Approaches to the use of multiple-year data

The OECD Guidelines also discuss the appropriateness of using multiple-year data when comparing financial results, to reduce the potential distortion caused by business and product life cycles. The OECD Guidelines do not specify the number of years to use. Rather, the number of years of data to use should reliably capture the effects of any business, economic, and cyclical forces on the financial profitability of the tested party and the comparable companies. Again, this has led to differing approaches being applied by tax authorities across the region.

An approach accepted in many countries involves analysing data for the comparable companies identified over a three-year period in determining the appropriate net profit results and constructing a range. Typically, this would involve looking at the year under review (if the data is available) and the two prior years. While many countries would test one year of tested-party data against three years of comparable data, other countries adopt different approaches.

Taiwan requires multiple years of tested-party data to be tested against multiple years of comparable data. However, if the tested party only has one year of financial data, it is acceptable to use one year of tested-party data against three years of comparable data. In Thailand, in practice, the approaches used in TP documentation and audits involve looking at three years (tested party) versus three years (comparable data), as well as one year (tested party) versus three years (comparable data).

On the other hand, it is local tax authority practice in South Korea to look at one year of tested-party data versus one year of comparable data. In addition, as per local TP regulations in Vietnam, arm’s-length conclusions are required to be made using one year of comparable data, with contemporaneous data or data of the prior year (if contemporaneous data was not available at the time of preparing the TP documentation).

The ATO’s practice in relation to the use of multiple-year data when applying the transactional net margin method and constructing the range is to use a five-year analysis, considering the year under review (where available) and the preceding four years. While this is not required under local legislation, it is the approach currently applied by the ATO in reviews, audits, and APAs.

Geographic comparability

There are also differing regulations and approaches across the Asia-Pacific region with respect to the use of local comparable data and the acceptance of regional comparable data. Many countries have a strong preference for the use of local comparable data, where available, to enhance the comparability of economic circumstances. Other countries, however, accept comparable data across the region to ensure a sufficient number of comparable companies are identified to construct a range.

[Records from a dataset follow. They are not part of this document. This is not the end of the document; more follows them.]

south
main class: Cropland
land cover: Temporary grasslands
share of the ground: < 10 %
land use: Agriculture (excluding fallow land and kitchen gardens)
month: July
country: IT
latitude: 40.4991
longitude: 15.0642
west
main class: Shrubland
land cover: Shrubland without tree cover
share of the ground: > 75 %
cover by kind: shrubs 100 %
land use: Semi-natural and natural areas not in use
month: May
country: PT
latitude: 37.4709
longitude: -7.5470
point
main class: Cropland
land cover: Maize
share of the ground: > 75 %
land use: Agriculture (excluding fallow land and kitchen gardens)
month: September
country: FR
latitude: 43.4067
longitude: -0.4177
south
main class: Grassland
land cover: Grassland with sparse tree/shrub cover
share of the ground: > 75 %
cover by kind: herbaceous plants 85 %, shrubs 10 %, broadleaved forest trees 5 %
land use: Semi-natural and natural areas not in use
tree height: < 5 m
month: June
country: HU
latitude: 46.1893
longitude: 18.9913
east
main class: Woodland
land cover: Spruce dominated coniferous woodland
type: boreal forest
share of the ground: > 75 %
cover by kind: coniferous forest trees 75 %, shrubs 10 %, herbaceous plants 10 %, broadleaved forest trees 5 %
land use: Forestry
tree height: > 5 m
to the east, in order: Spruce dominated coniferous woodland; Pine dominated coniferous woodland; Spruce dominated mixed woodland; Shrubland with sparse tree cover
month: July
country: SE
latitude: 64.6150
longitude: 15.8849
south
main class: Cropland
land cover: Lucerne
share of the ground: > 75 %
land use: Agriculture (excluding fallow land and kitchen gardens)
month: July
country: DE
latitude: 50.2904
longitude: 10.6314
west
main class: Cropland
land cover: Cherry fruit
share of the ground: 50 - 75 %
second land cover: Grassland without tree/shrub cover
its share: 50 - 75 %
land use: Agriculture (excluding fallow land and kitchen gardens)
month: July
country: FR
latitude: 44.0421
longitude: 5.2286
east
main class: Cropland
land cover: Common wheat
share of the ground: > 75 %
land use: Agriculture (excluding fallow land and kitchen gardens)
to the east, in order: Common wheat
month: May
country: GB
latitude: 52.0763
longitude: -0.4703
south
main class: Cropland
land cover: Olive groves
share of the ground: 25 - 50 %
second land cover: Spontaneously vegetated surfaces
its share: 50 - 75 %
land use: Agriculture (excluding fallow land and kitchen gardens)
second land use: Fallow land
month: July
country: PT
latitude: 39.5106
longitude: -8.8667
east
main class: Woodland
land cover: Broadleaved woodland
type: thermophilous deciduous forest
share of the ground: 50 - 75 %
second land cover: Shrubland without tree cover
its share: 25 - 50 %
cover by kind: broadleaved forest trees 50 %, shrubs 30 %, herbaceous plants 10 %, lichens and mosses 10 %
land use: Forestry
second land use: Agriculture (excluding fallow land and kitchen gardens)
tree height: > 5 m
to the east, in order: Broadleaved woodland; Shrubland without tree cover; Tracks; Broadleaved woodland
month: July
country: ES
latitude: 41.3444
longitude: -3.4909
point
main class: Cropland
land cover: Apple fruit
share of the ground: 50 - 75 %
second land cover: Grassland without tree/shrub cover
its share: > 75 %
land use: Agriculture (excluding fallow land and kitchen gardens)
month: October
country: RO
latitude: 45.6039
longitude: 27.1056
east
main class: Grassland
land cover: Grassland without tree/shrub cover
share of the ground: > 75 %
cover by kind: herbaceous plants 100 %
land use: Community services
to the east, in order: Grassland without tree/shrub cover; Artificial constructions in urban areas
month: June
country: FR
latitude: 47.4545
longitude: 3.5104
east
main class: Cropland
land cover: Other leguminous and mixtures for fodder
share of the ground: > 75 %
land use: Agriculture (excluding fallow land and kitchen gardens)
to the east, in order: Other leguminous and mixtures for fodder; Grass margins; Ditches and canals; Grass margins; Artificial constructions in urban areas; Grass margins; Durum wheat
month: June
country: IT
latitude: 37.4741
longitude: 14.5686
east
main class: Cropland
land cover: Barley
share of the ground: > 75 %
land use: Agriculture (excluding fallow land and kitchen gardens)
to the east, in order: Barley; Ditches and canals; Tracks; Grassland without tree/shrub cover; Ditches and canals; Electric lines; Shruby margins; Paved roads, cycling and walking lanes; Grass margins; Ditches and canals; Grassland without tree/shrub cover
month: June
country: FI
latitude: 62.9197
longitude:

Final thoughts on the arm’s-length range in the Asia-Pacific region

Ongoing dialogues with tax authorities suggest no imminent changes to the ALR, particularly in Indonesia and Malaysia, which recently updated their guidelines. However, in the Philippines, recommendations to the Bureau of Internal Revenue hint at potentially tightening the ALR.

As tax authorities further refine their ALR applications, businesses must stay informed of the nuances of each jurisdiction's guidelines to navigate the complexities and ensure compliance. The dynamic nature of these regulations underscores the importance of continuous dialogue with tax authorities and expert advisers to mitigate risks and align with the shifting contours of Asia-Pacific’s TP landscape. Businesses may also consider adopting analyses that take into account local regulations and best practice when applying the transactional net margin method for certain countries, considering the size and/or nature of their operations.